Demand changes everything
Rapid load growth, driven primarily by data center development, is increasingly shaping where and how solar projects pencil in Illinois. Northern Illinois, particularly the Chicago metropolitan area, has emerged as one of the most important data center hubs in the country, rivaling Dallas and Northern Virginia. What began as a steady stream of large-load requests accelerated sharply in late 2024, as utilities and regional planners began receiving inquiries for hundreds of megawatts of new demand at a pace that outstripped prior planning assumptions. Illinois policy is already responding to these pressures. Recent legislation directs the state to procure roughly 3 GW of battery storage by 2030, sharpening the focus on flexibility and reliability as load growth accelerates.
The impact is most pronounced in ComEd territory, where Illinois sits within PJM. Data centers arrive in large, concentrated blocks of demand and ramp up load over several years, tightening system conditions and increasing the value of projects that can deliver power close to where it is consumed. This dynamic is already influencing market structure. In December, the Federal Energy Regulatory Commission (FERC) directed PJM to draft new rules governing the co-location of large loads, such as data centers, with generation assets, including new frameworks for temporary, firm, and non-firm capacity arrangements. While PJM works through the details, the directive itself is telling: data center growth is no longer just a forecasting challenge, but a structural issue reshaping how capacity, interconnection, and reliability are managed.
For developers, the takeaway is that load growth is creating micro-markets within Illinois. Projects near major demand centers increasingly benefit from faster commercialization, alternative offtake structures, and future optionality tied to reliability and capacity value. Those farther from load centers face greater exposure to local opposition, interconnection congestion, and incentive timing risk. The Illinois market is no longer defined solely by access to programs, but by how quickly projects can deliver to areas where demand is growing fastest.
Change creates opportunity
These evolutions in Illinois do not impact its position as one of the most attractive solar markets in the country, but they do require developers to approach the state with greater selectivity and a more rigorous process.

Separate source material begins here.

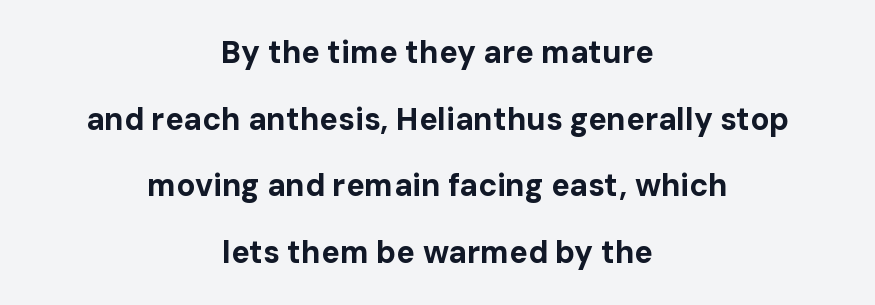
Posture: vertical. Bare-footed words on every line. The designer went with a sans here, leaving each stem footless. Heft: maximum for text — a bold. Short note: letters normally spaced. You could fit nearly another row in the gap between these rows.

The most successful projects will be able to withstand – or bypass – incentive timing risk, navigate local process with discipline, and align with emerging demand centers. Developers who can adapt to this required evolution will continue to find worthwhile opportunities in one of the country’s most consequential clean energy markets. Additionally, projects that can incorporate energy storage or otherwise provide capacity and reliability value will be particularly well-positioned as Illinois pursues its storage procurement goals and grapples with AI‑driven load growth.